The measured variables that will be used to test the predictions have to be defined accurately before data collection. This definition has to be applied consequently during data collection (Martin and Bateson, 1993). Determining of the variables is not always a straightforward or easy process. It is easy to define the body mass and its measurement, but the situation is more difficult if we intend to measure a behaviour that includes complicated, variable components such as fight or courtship between individuals. In such cases it is not always obvious when a given behaviour starts and ends, and what is its intensity etc.
The behaviour of animals is characterized by natural variability. This variability is the result of several factors: genetic factors, biotic and abiotic environmental effects and their interactions shape the behaviour of individuals (Székely et al., 2010). Because of this variability, our measurements contain ‘noise’ that cannot be controlled for. Therefore, to collect statistically evaluable data, several measurements have to be taken. During data collection we have to pay outmost attention to random sampling (Zar, 2010): from the group of individuals to be investigated (statistical population, not necessarily identical with the biological population) any individuals should have the same chance to be measured (statistical sample). If random sampling (i.e. the temporal and spatial independence of the sample elements) is not assured during data collection, then the data will be pseudoreplicated, and the conclusions drawn from the analysis of data may be incorrect. It is easy to see that by measuring the height of the same person twice we do not obtain two independent data points, however, assuring spatial independence is not always so simple (e.g. within a group the more similar individuals may be more close together than more dissimilar individuals). Furthermore, measurements of relatives (e.g. siblings) are also not independent, because firstly the relatives share common genes, and secondly they may developed in the same social environment.
Variables describing behaviour can usually be divided in four categories (Fig. 20.1, Martin and Bateson, 1993). Latency variables measure the time from the beginning of sampling until the occurrence of the behaviour. The occurrence or frequency variables measure the occurrence or the number of occurrences of the behaviour during a unit time, e.g. a minute. Duration variables measure the length of the occurrence of the behaviour. If the behaviour occurs several times during the data recording, then total duration and average duration can be calculated for the full sample. If not only the occurrence but also the extent of the behaviour (volume of a call, speed of running) has to be described, then we use intensity variables.

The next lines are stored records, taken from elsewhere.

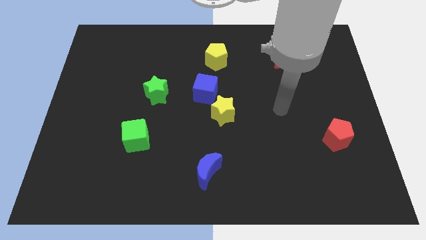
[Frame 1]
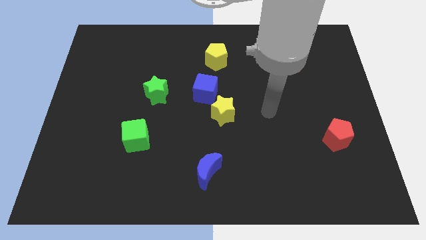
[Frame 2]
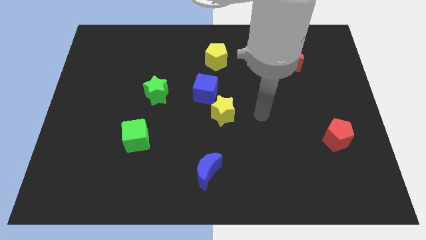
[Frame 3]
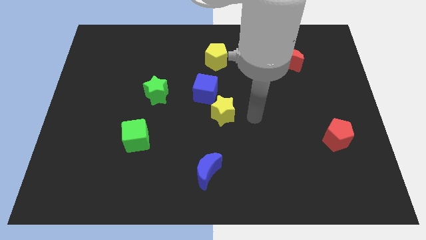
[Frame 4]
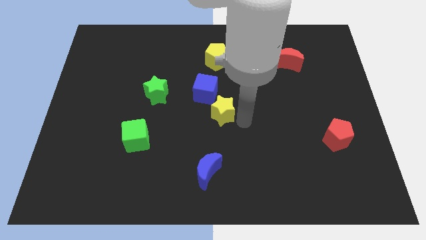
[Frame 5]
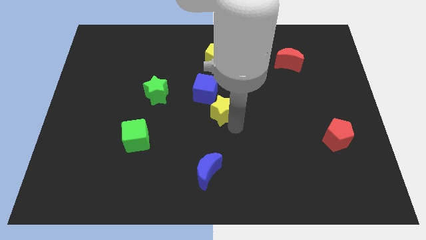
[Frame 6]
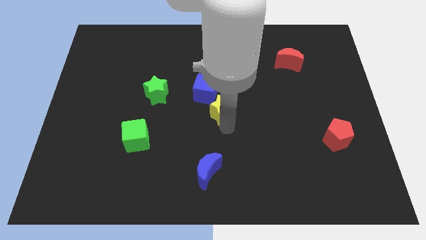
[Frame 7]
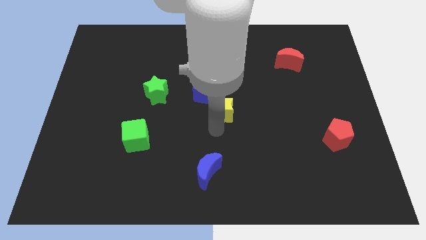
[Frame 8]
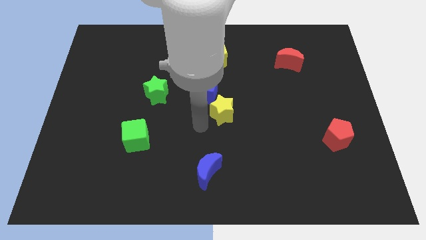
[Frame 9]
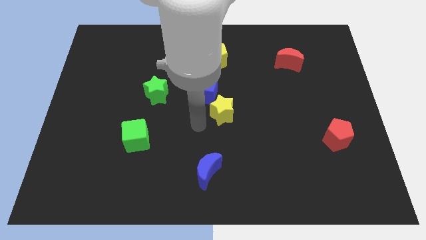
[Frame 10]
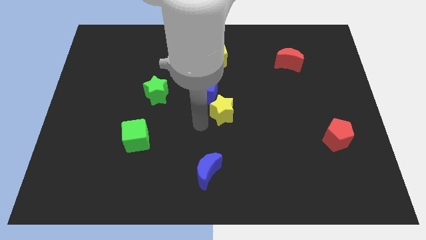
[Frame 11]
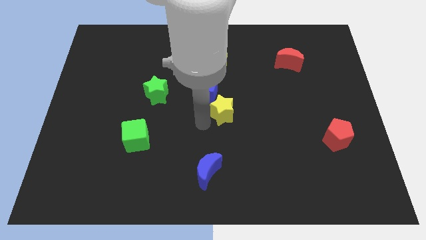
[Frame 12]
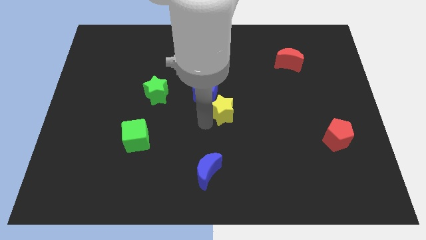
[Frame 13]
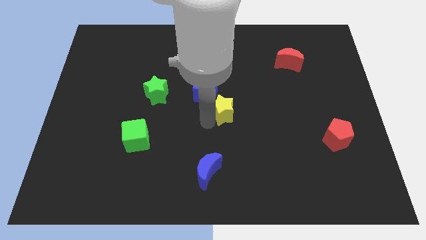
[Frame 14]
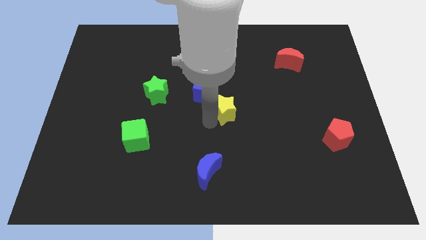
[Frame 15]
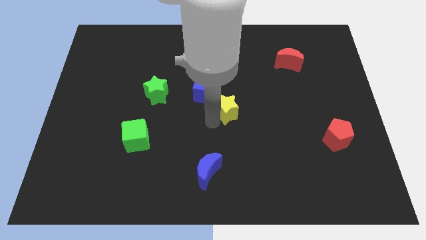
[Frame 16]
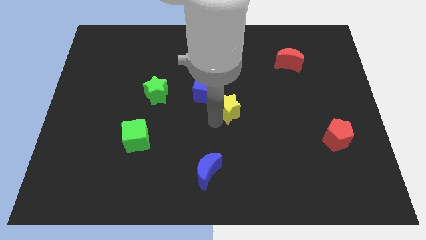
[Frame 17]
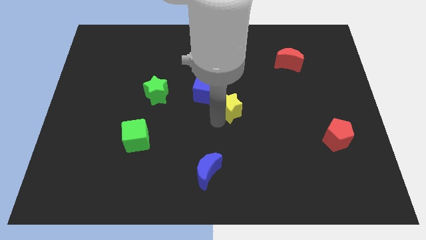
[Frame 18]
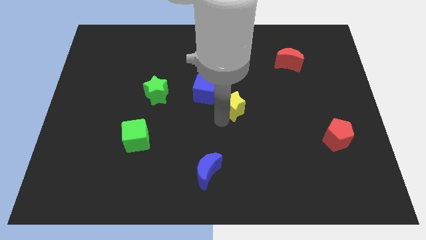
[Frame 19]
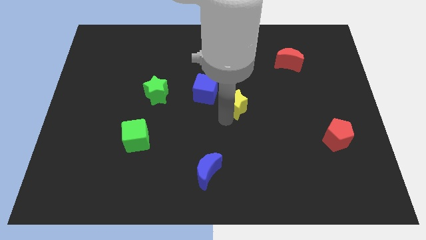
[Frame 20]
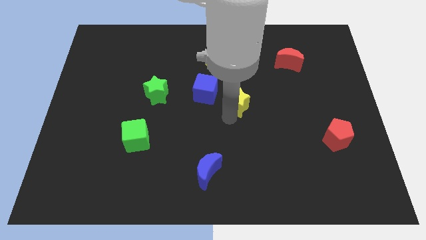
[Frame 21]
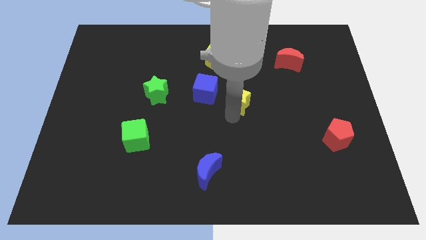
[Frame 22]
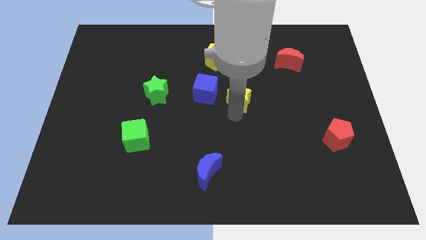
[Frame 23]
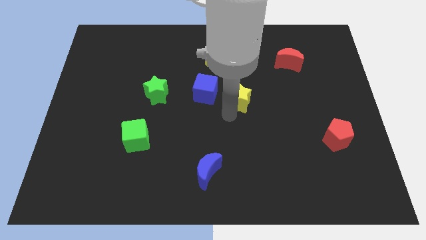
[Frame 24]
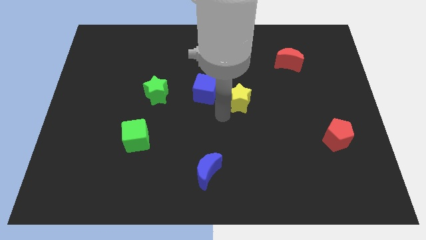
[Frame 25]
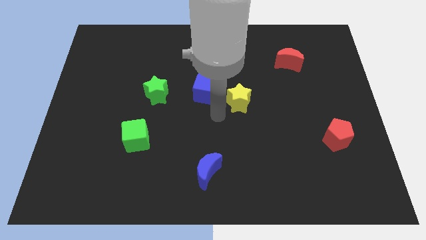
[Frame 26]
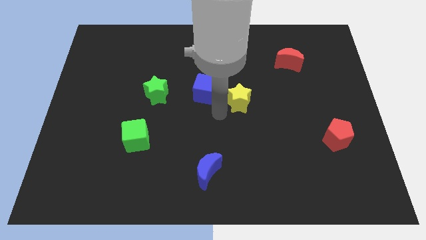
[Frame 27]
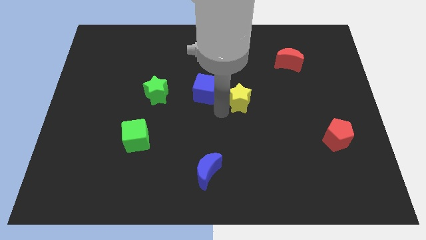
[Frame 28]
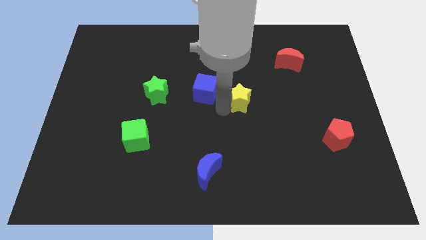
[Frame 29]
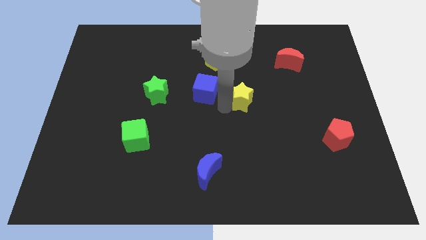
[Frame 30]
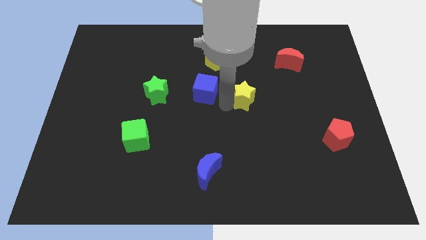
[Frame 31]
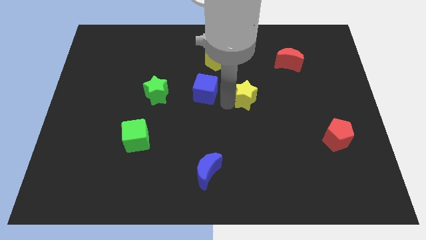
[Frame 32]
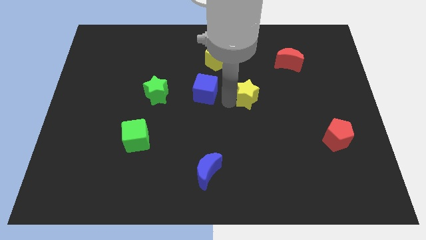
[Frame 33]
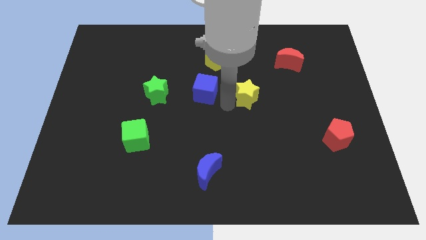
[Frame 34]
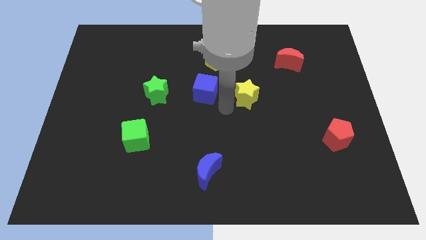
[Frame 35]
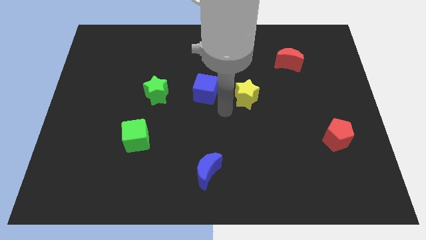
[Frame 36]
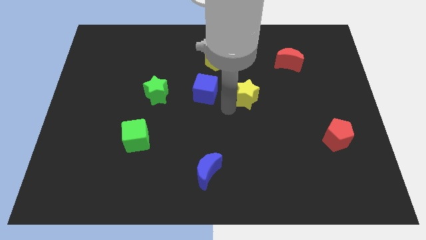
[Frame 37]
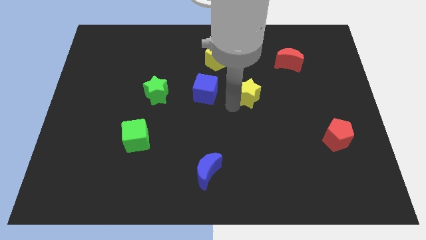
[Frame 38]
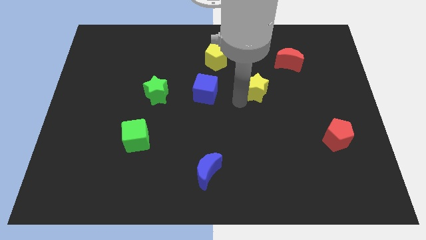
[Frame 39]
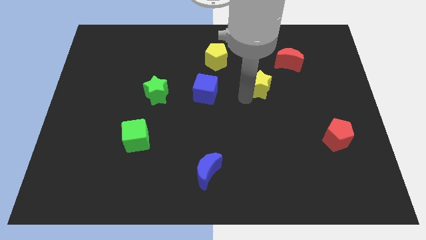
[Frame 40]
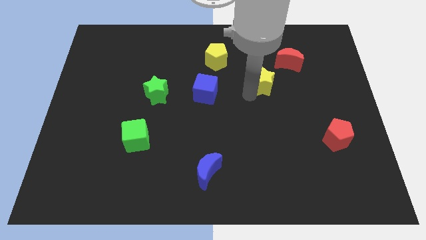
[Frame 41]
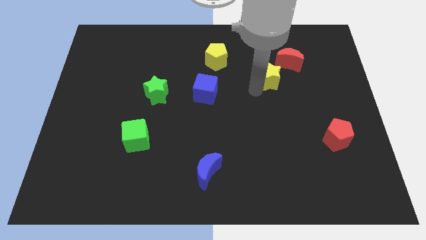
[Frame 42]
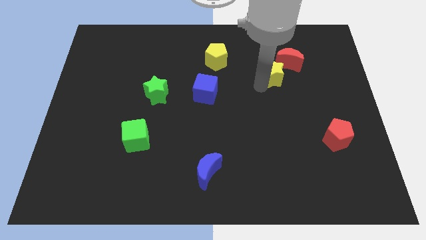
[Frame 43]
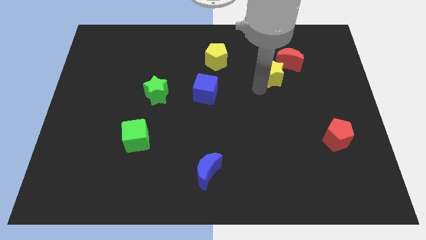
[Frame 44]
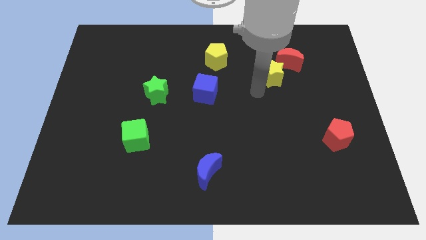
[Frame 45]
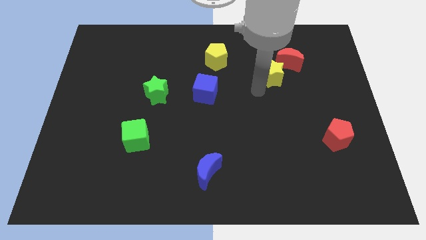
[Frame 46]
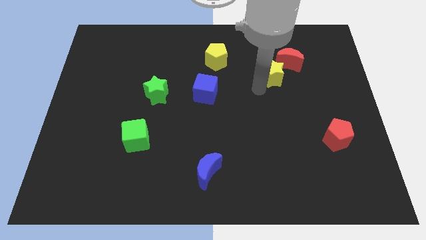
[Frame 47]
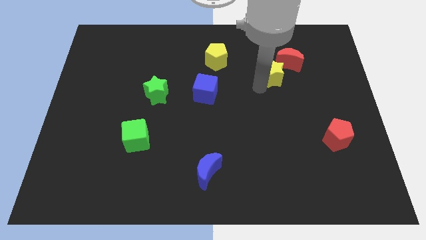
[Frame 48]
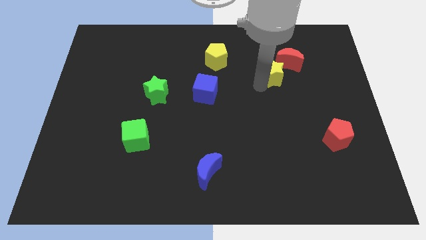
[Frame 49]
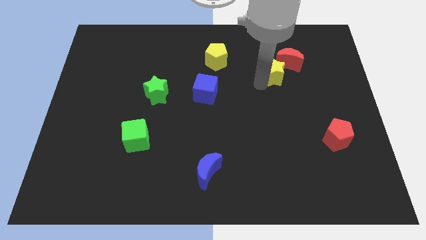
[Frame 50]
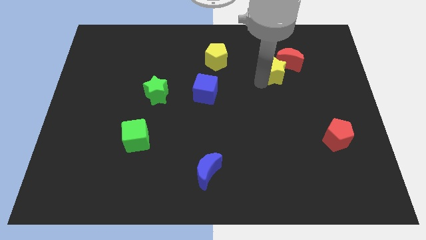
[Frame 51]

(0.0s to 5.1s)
put the yellow star to the red moon

Fig. 20.1. Latency, frequency, duration and intensity. The grey rectangles represent the occurrence of the behaviour over time t. The width of the rectangles is the length of each occurrence, whereas the height is the intensity of the behaviour. The frequency of the behaviour over time t is four. The total duration is a + b + c + d, and the average duration is (a + b + c + d)/4. Based on Martin and Bateson (1993).
Before data collection, we also have to decide on which scale will each variable be measured (Figure XX.2), because the scale of measurement largely influences which statistical procedures can be used to analyse the collected data.

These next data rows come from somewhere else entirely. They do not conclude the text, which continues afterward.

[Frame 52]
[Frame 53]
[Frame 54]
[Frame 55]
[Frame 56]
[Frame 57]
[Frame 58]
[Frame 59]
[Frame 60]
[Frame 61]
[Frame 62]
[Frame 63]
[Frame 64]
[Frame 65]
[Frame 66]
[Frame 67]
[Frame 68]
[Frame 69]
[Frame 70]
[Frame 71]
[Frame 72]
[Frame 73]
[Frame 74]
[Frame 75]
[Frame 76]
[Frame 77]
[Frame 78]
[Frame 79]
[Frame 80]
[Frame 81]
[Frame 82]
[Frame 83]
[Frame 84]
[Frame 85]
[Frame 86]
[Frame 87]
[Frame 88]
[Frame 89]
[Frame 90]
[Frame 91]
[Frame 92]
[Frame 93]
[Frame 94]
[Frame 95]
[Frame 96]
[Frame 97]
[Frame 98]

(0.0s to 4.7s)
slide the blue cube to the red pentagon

Figure XX.2. Types of variables according to their scale of measurement.
Behaviour can be recorded continuously, or only at given time intervals (e.g. every ten seconds, instantaneous sampling). While continuous data recording can describe behaviour very precisely, it can be used only to record a few variables simultaneously. By increasing the number of recorded variables the accuracy of continuous data recording decreases, therefore in these cases better to use instantaneous sampling. During instantaneous sampling, by the help of a stop watch or rather a timer (a device giving a short beep at given time intervals) we record at given time intervals which behaviour occurs at the sampling points. The accuracy of instantaneous sampling is largely influenced by the sampling interval, i.e. the time elapsed between sampling points. In case of swiftly changing behaviours (e.g. fight between individuals) rather short, few second intervals have to be used, whereas it may be enough to record the behaviour of resting individuals only at every minute.
The simplest way to record behaviour is to use paper and pencil or pen. To make continuous data recording even an empty sheet of paper may be appropriate, whereas for instantaneous sampling usually a behavioural sheet prepared beforehand is used. The header of the behavioural sheet contains the name of the observer, the date, the start and end of data recording, the identification of the observed individual(s) (e.g. name, ring number), and further data (e.g. temperature). The behavioural sheet itself is a table which rows are the sampling points, and the columns are either different behavioural variables (feeding, preening etc.) or different individuals (male, female, offspring 1, offspring 2 etc.). If the columns are behavioural variables, then at each sampling point we can indicate which behaviour occurs by writing e.g. an X in the corresponding column. Whereas if the columns represent individuals, then we can indicate the behaviour of the different individuals using one or two letter abbreviations defined previously. The biggest advantage of recording behaviour using paper and pencil is that they can be used almost everywhere any time, and there is no chance for technical failure. In contrary, the disadvantage of this recording method is that before analyses the data have to be entered to spreadsheet or database that may be a time demanding process. Entering data into a database can be avoided by using event recorder. Any kind of portable computer (smartphone, tablet, laptop) can be used as event recorder. Running an appropriate application we can record which behaviour occurs by hitting predefined key combinations or by touching the appropriate part of the screen. With an event recorder we can effectively record behaviours that consists of well defined behavioural categories, however, it may be much more difficult to add comments to the sampling points than to write down a quick note on the margin of the behavioural sheet.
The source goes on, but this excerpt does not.